Tim Wright

Personal information
- Born: 18 February 1973 (age 53)

Sport
- Sport: Rowing
- Club: Wendouree Ballarat Rowing Club

Medal record
Men's rowing
Representing Australia
World Rowing Championships
| Gold medal – first place | 1997 Aiguebelette | LM8+ |
U23 World Championships
| Silver medal – second place | U23 1995 Groningen | LM4- |

= Tim Wright (rower) =

Australian rower

Tim Wright (born 18 February 1973) is an Australian former world champion lightweight rower. He won a gold medal at the 1997 World Rowing Championships in Aiguebelette with the lightweight men's eight.

==Club and state rowing==
Wright took up rowing at Ballarat High School as a coxswain. His senior rowing was from the Wendouree-Ballarat Rowing Club.

Richards rowed in Victorian representative men's lightweight fours contesting the Penrith Cup at the Interstate Regatta within the Australian Rowing Championships in 1997 and 1999.

==International representative rowing==
Wright first represented Australia in the lightweight coxless at the 1994 World Rowing U23 Championships in Paris where the Australians finished fourth. The following year at Groningen in The Netherlands he again raced at the U23 World Championships in the lightweight coxless four and they won the silver medal.

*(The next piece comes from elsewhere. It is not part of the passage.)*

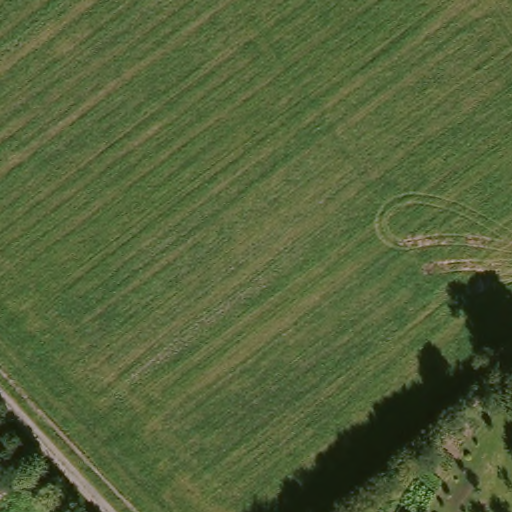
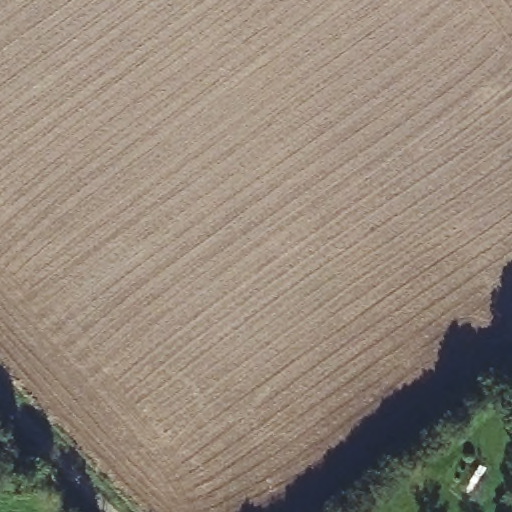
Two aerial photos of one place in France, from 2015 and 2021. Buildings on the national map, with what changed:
[]

In 1997 he made his debut in an Australian senior crew seated in the bow of the men's lightweight eight. At the 1997 World Rowing Championships in Aiguebelette, the Australians won a thrilling final by 0.03 seconds with only 1.5 lengths separating the field. Wright won his first and only World Championship title in his only senior World Championship appearance.